• **DIRECTIONS**: The line containing "Character: 轩" and every line after it to the end of the records: set those down exactly, without any pictures.
▽
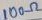
Text: 100Ω
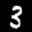
Label: 3
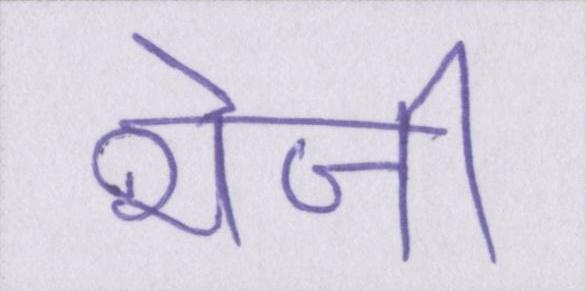
भेजी
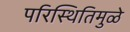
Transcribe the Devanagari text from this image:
परिस्थितिमुळे
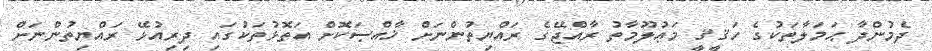
ދެމުންދާ ޙަމަލާތަކުގެ ހަޤީޤީ މަޢުލޫމާތު ރާއްޖޭގެ ރައްޔިތުންނަށް ޚާއްޞަކޮށް އަތޮޅުތަކުގައި ދިރިއުޅޭ ރައްޔިތުންނަށް
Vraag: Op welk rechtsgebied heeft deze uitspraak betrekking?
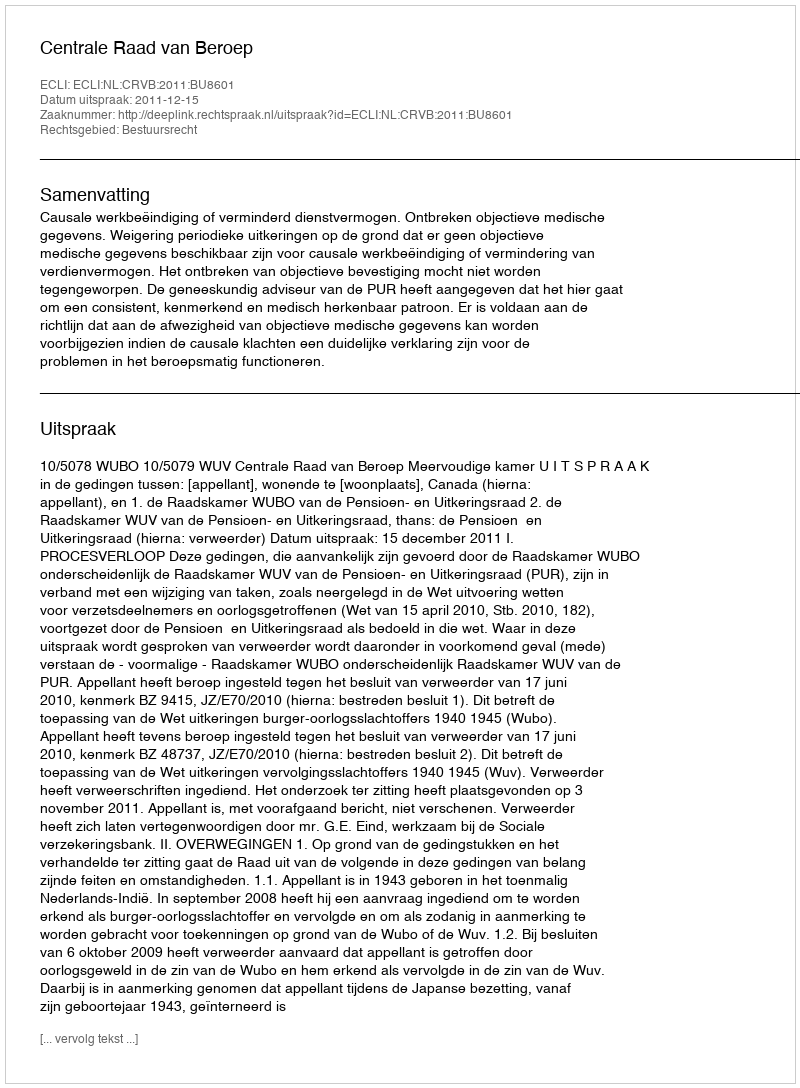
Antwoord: Bestuursrecht
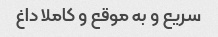
سریع و به موقع و کاملا داغ
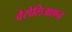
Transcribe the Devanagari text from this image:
वैरोलिअशन
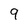
Character: 9
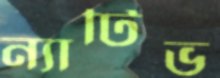
ন্যাটিভ
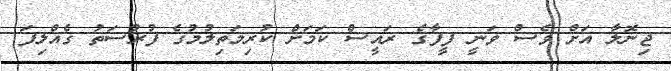
ޖިނޮލާ އަށް ވެސް ވަނީ ފީފާގެ ރައީސް ކަމަށް ކުރިމަތިލުމުގެ ފުުރުސަތު ގެއްލިފަ
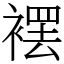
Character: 䙓
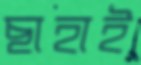
ছাহাই
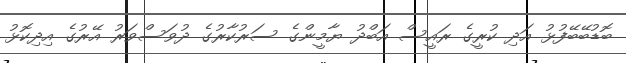
ބޮޑުބޭބޭފުޅު އަދި ކުރީގެ ރައީސް އަބްދު ޔާމީންގެ ސަރުކާރުގެ ދުވަސްވަރު އޭރުގެ އިދިކޮޅު
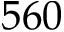
5 6 0
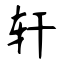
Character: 轩
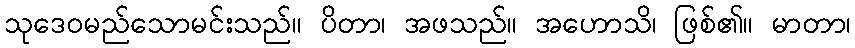
သုဒေဝမည်သောမင်းသည်။ ပိတာ၊ အဖသည်။ အဟောသိ၊ ဖြစ်၏။ မာတာ၊
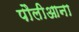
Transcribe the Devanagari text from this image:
पौलीआना
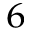
^ 6
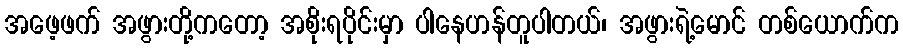
အဖေ့ဖက် အဖွားတို့ကတော့ အစိုးရပိုင်းမှာ ပါနေဟန်တူပါတယ်၊ အဖွားရဲ့မောင် တစ်ယောက်က
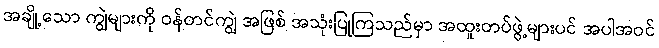
အချို့သော ကျွဲများကို ဝန်တင်ကျွဲ အဖြစ် အသုံးပြုကြသည်မှာ အထူးတပ်ဖွဲ့များပင် အပါအဝင်
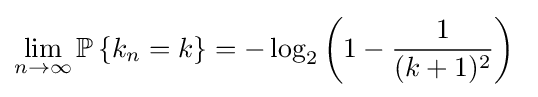
\lim _{n\to \infty }\mathbb {P} \left\{k_{n}=k\right\}=-\log _{2}\left(1-{\frac {1}{(k+1)^{2}}}\right)~
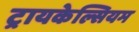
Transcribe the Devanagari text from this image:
ट्रायकेल्सियम
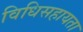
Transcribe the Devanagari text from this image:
विधिसहायता
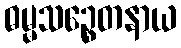
ဓမ္မသဉ္စေတနာယ
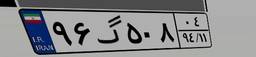
۳۹گ۲۰۴۸۳
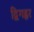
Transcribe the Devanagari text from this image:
द्विगह्वर
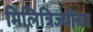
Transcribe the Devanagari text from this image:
मिलित्रिज्यीचा
△
• **TASK OUTPUT**:
Character: 轩
သုဒေဝမည်သောမင်းသည်။ ပိတာ၊ အဖသည်။ အဟောသိ၊ ဖြစ်၏။ မာတာ၊
Transcribe the Devanagari text from this image:
पौलीआना
^ 6
အဖေ့ဖက် အဖွားတို့ကတော့ အစိုးရပိုင်းမှာ ပါနေဟန်တူပါတယ်၊ အဖွားရဲ့မောင် တစ်ယောက်က
အချို့သော ကျွဲများကို ဝန်တင်ကျွဲ အဖြစ် အသုံးပြုကြသည်မှာ အထူးတပ်ဖွဲ့များပင် အပါအဝင်
\lim _{n\to \infty }\mathbb {P} \left\{k_{n}=k\right\}=-\log _{2}\left(1-{\frac {1}{(k+1)^{2}}}\right)~
Transcribe the Devanagari text from this image:
ट्रायकेल्सियम
Transcribe the Devanagari text from this image:
विधिसहायता
ဓမ္မသဉ္စေတနာယ
۳۹گ۲۰۴۸۳
Transcribe the Devanagari text from this image:
द्विगह्वर
Transcribe the Devanagari text from this image:
मिलित्रिज्यीचा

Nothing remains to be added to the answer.